On November 29, 2009, Obama announced a “hard and fast 30,000-troop surge” for Afghanistan. In December, Obama and his National Security Council will do the first crucial evaluation of the surge. Obama had announced on that date that in July 2011, U.S. forces would start their pull out. He had said: “I agree we won’t know exactly what to do by December 2010. I will wait until July 2011 to determine only one thing though.” That would be the timeline of withdrawal. The India visit is therefore the regional trip to determine Obama’s larger war doctrine that has been slowly shifting from an armed to a non-armed approach. This aspect, however, is being looked after by the powerful figures of the U.S. Congress. The Kerry-Lugar bill, which explicitly stated that the U.S. was willing to spend taxpayer’s money for the sake of democracy in Pakistan, and initiatives by Congresswoman Nita Lowey, Congressman Howard Berman and Speaker Nancy Pelosi have all proved that they, too, have equally important voices in South Asian affairs that Obama will have to build upon post-2010.

The larger question, however, is how would Obama entice India into the non-proliferation regime given India’s aversion to the Non-Proliferation Treaty and the Comprehensive Test Ban Treaty. Teresita Schaffer, former diplomat and director of the South Asia programme of the Center for Strategic and International Studies of Washington, DC, however, says that as far as the US-India ties in the nuclear field are concerned, they have already taken a solid shape under the civil nuclear agreement. It needs to be seen how Obama builds on the strictures that India has undertaken as part of the civil nuclear agreement.
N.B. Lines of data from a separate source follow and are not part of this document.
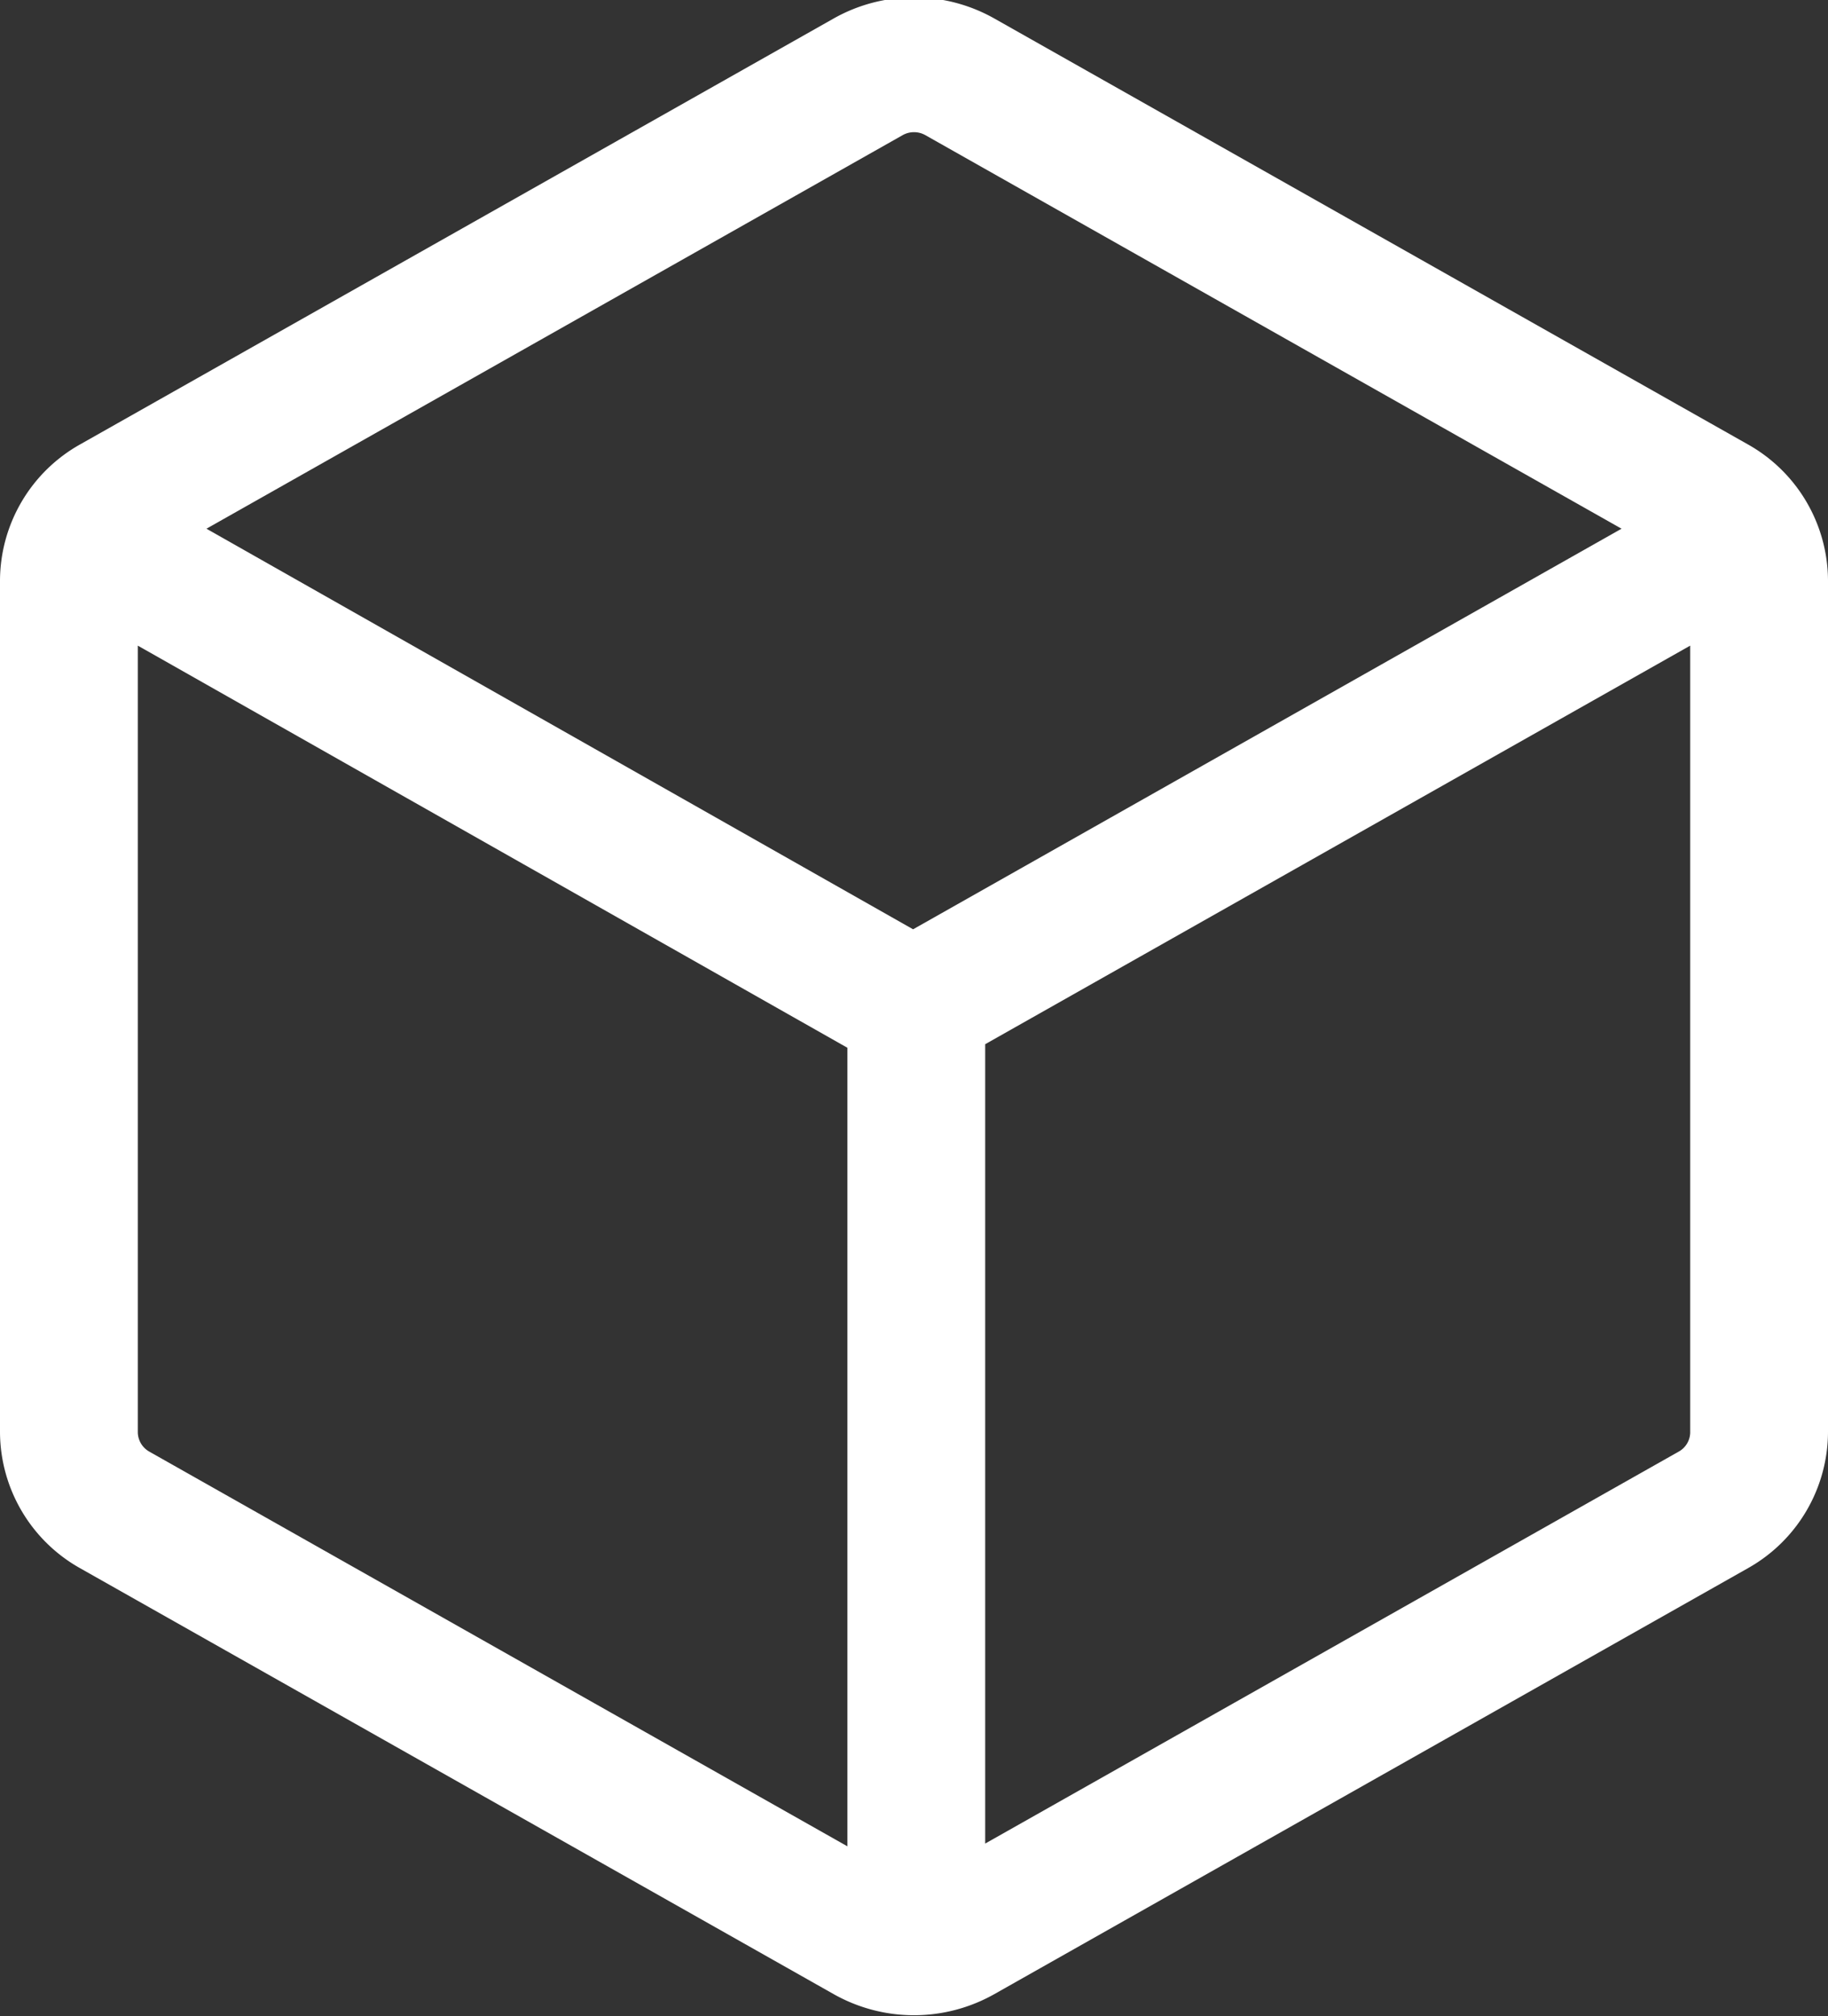 <svg xmlns="http://www.w3.org/2000/svg" width="18" height="19.844" viewBox="0 0 18 19.844">
  <rect x="0" y="0" width="18" height="19.844" fill="#333333" stroke="none"/>
  <defs>
    <style>
      .cls-1 {
        fill: #fff;
        fill-rule: evenodd;
      }
    </style>
  </defs>
  <path id="形状_58" data-name="形状 58" class="cls-1" d="M594.209,880.276a1.61,1.61,0,0,1,1.582,0l7.418,4.191a1.543,1.543,0,0,1,.791,1.341v8.382a1.543,1.543,0,0,1-.791,1.341l-7.418,4.191a1.61,1.61,0,0,1-1.582,0l-7.418-4.191A1.543,1.543,0,0,1,586,894.19v-8.382a1.543,1.543,0,0,1,.791-1.341Zm-6.852,6.173v7.741a0.222,0.222,0,0,0,.113.192l6.874,3.885v-7.86Zm15.286,0-6.942,3.923v7.868l6.829-3.858a0.219,0.219,0,0,0,.113-0.185v-7.748Zm-7.53-5.024a0.228,0.228,0,0,0-.226,0l-6.854,3.873,6.958,3.943,6.976-3.943Zm0,0" transform="translate(-586 -880.094)"/>
</svg>

It is significant that just 10 days before the visit, Prime Minister Manmohan Singh flew to Japan in search of a trade pact and another civil nuclear agreement. It was with Japan that U.S. Special Trade Representative Mickey Kantor indulged in a serious economic war during the Clinton years of 1990s, while Japan enjoyed excellent strategic partnership with the US. Whether India also follows the same pattern of diplomacy of two steps forward and one step backward can be seen as the relationship matures.

Here comes Obama!
Obama will stay at the Taj Mahal Palace in Mumbai. He will address the US-India Business and Entrepreneurship Summit and pay homage to 26/11 victims. He will receive a formal welcome at Rashtrapati Bhavan on November 7 and address a joint session of Parliament the next day.

Issues on the table
Strategy and politics: Concerns regarding Pakistan using U.S. military aid against India or to support militants, Af-Pak policy and Washington’s exit plans, India’s support in balancing the emerging China and a permanent seat for India on the UN Security Council.
Trade and technology: New Delhi wants the U.S. to withdraw sanctions against nuclear technology exports; Washington wants dilution of the nuclear liability law or exemption for U.S. suppliers. India wants assurances of no further proposals from Obama to limit outsourcing.
Defence: Closer military ties, and a larger pie of India’s $30 billion defence procurement plan for Washington.

Manmohan-Obama bilateral meetings
April 2, 2009: “Wise” and “wonderful” was how Obama described Singh when they met on the sidelines of the G20 summit, the first time since Obama assumed office. Both leaders called for closer bilateral ties.

Washington, DC
Nov. 24, 2009: Singh’s U.S. visit had Obama reaffirming U.S. commitment to strengthen cooperation, primarily in the implementation of the Indo-US nuclear deal. Afghanistan and climate change were also topics.

Washington, DC
April 12, 2010: Non-proliferation and nuclear security, Afghanistan, food security and poverty reduction were prominent topics in the first of a series of bilateral talks ahead of the Nuclear Security Summit. India’s request for access to 26/11 suspect David Coleman Headley, however, went unanswered, until June.

July 10, 2009: Talked about Pakistan and Hillary Clinton’s visit to India in a quick informal meeting during the outreach meeting of G5 and G8 leaders.

June 28, 2010: Discussed terrorism, global economy and “other areas of mutual concern”. Obama praised Singh saying whenever the Prime Minister spoke, “the whole world listens to him”.